Les études ont démontré que les premières expériences homosexuelles surviennent au bas âge. Cela commence par des attouchements anodins qui permettent à l’enfant de se découvrir et de découvrir sa sexualité. J’estime que ce que quelqu’un fait dans le secret de sa chambre, ne me concerne pas. C’est le secret de sa chambre, mais si deux hommes font l’amour en pleine la rue, c’est contre les règles de la société. On ne fait pas l’amour dans la rue.  Cet acte est répréhensible, mais pas le fait qu’un homme ou une femme décide de coucher avec quelqu’un de même sexe. A plus fort raison, cela ne me touche pas. Alors pourquoi vais-je les condamner ?

Alors faut-il légaliser l’homosexualité ?

Noun Fare 2Je m’attendais à cette question au cours des débats à la dédicace du roman mais personne ne me l’a posé. Mais attendez ! Nous sommes dans un pays démocratique. Les sociétés africaines veulent épouser les choses sans leurs aspects négatifs. Nous naissons égaux. Par exemple, tout le monde a le droit de choisir sa religion.

Pourquoi ne pas donner le droit à tout le monde de choisir son orientation sexuelle et de se marier légalement ?

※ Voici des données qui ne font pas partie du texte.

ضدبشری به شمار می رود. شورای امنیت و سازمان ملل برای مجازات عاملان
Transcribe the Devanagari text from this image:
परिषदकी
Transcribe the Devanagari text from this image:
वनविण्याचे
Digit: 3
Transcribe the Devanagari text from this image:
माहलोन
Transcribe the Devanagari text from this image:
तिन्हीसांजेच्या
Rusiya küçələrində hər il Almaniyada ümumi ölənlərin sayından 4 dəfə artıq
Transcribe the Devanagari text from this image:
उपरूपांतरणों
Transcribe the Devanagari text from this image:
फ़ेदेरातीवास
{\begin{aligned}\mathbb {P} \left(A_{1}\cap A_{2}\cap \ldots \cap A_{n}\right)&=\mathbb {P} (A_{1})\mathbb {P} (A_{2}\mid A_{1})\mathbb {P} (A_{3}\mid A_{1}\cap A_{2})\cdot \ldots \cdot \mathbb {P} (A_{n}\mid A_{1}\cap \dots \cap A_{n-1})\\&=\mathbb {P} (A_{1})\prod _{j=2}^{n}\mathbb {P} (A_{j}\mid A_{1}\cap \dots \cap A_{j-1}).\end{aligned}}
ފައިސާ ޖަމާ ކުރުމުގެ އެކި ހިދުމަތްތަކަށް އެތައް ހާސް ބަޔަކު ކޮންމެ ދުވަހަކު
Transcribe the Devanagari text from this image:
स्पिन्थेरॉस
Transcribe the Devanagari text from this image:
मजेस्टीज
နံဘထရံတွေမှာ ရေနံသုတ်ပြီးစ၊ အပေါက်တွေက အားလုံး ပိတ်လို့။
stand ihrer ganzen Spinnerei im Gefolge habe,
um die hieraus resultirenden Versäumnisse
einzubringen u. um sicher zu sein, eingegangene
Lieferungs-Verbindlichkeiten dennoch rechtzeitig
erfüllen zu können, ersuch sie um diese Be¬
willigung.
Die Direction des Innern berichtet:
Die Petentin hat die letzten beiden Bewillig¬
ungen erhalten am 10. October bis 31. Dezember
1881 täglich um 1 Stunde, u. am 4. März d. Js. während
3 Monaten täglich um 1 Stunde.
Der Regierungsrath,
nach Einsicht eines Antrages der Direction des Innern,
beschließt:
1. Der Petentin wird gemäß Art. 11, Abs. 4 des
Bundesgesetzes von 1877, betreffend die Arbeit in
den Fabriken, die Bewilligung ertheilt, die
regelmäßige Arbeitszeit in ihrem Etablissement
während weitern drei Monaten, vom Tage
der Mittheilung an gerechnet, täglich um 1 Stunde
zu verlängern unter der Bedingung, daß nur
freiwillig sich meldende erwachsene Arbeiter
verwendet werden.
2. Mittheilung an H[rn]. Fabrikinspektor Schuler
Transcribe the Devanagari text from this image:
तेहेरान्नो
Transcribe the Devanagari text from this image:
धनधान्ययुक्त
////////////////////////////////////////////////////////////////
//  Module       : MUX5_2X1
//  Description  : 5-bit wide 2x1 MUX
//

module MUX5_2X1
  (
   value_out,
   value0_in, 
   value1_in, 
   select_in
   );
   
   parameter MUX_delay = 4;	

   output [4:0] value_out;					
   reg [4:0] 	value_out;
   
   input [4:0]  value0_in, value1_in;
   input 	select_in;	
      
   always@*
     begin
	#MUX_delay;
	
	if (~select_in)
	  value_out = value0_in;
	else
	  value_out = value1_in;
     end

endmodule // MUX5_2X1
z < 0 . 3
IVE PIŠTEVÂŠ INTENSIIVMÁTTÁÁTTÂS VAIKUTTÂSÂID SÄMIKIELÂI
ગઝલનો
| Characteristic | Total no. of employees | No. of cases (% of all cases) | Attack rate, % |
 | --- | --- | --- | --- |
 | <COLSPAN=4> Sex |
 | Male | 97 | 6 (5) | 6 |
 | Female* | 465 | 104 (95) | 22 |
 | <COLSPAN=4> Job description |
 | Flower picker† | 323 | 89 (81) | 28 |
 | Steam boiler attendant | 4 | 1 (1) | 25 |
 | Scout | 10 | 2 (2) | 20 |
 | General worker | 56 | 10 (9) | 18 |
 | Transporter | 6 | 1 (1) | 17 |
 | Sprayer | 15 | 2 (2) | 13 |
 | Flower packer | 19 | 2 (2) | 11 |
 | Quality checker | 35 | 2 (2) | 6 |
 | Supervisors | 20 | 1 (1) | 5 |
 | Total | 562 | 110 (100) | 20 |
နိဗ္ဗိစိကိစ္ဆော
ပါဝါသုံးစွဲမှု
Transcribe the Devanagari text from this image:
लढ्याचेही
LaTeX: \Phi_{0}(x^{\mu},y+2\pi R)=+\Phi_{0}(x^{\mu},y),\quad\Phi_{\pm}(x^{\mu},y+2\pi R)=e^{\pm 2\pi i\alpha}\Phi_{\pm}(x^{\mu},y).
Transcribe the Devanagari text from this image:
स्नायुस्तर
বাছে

Ces personnes ne demandent pas à copuler publiquement. Il demande qu’on leur reconnaisse le droit qu’elles peuvent préférer quelqu’un de même sexe. Liberté, démocratie, Droits de l’Homme, enfin ! Tout le baratin qu’on nous sert. C’est vrai qu’il y a des réalités qui ne se s’appliquent pas à nous, parce qu’il y aurait du non-sens. Les occidentaux font les lois, quand ça les arrange et leur société va à la dérive, mais nous copions aussi bêtement leurs habitudes sans vouloir leurs travers. L’homosexualité est une question de liberté de choisir. Il faut reconnaître à chacun le droit d’avoir l’orientation sexuelle de son choix. Bon tout ça c’est dans l’absolu. Mais maintenant faut-il légaliser l’homosexualité ? Je ne saurais répondre par oui ou par non. Légalisée ou pas, l’homosexualité existera. Elle a toujours existé en Afrique depuis l’époque pharaonique jusqu’à nos jours. Maintenant les manifestations des homosexuels, c’est vrai que cela choque nos sensibilités d’Africains, nous ne sommes pas habitués à cela. Pour moi, la question la plus importante n’est celle de la légalisation mais plutôt le fait de reconnaître à l’autre, le droit de choisir une orientation sexuelle différente de la mienne.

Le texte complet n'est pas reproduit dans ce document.